A Novel Spontaneous Mutation in the TAP2 Gene Unravels Its Role in Macrophage Survival

Overview

Journal Immunology

Specialty Allergy & Immunology

Date 2016 Nov 19

PMID 27861817

Citations 3

Authors

Antonio Lapenna

Ibrahim Omar

Michael Berger

Affiliations

Soon will be listed here.

Abstract

We report a new mouse strain with a single point mutation in the type 2 transporter associated with antigen processing (TAP2). This strain randomly arose in one of our C57BL/6J mouse colonies and was initially discovered because of the lack of CD8 T cells in the periphery. Following our observation, we subsequently revealed a lack of cell surface MHC-I expression, derived from TAP2 protein deficiency. Our strain, named eightless, has a C to T substitution in exon 5 resulting in a glutamine to stop codon substitution at position 285 in the TAP2 protein. Interestingly, in addition to the expected lack of CD8 T cell phenotype, eightless mice have a diminished number of macrophages in their peritoneum.
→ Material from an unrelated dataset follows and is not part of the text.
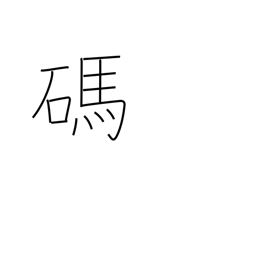
Meaning: number

Moreover, following peritoneal inflammation, elicited eightless macrophages showed impaired survival both in vivo and ex vivo. Our study describes the first ever TAP2 complete knockout mouse strain and provides a possible explanation for why patients with TAP2 deficiency syndrome present clinical manifestations that would suggest a phagocyte defect rather than a lack of CD8 T cells.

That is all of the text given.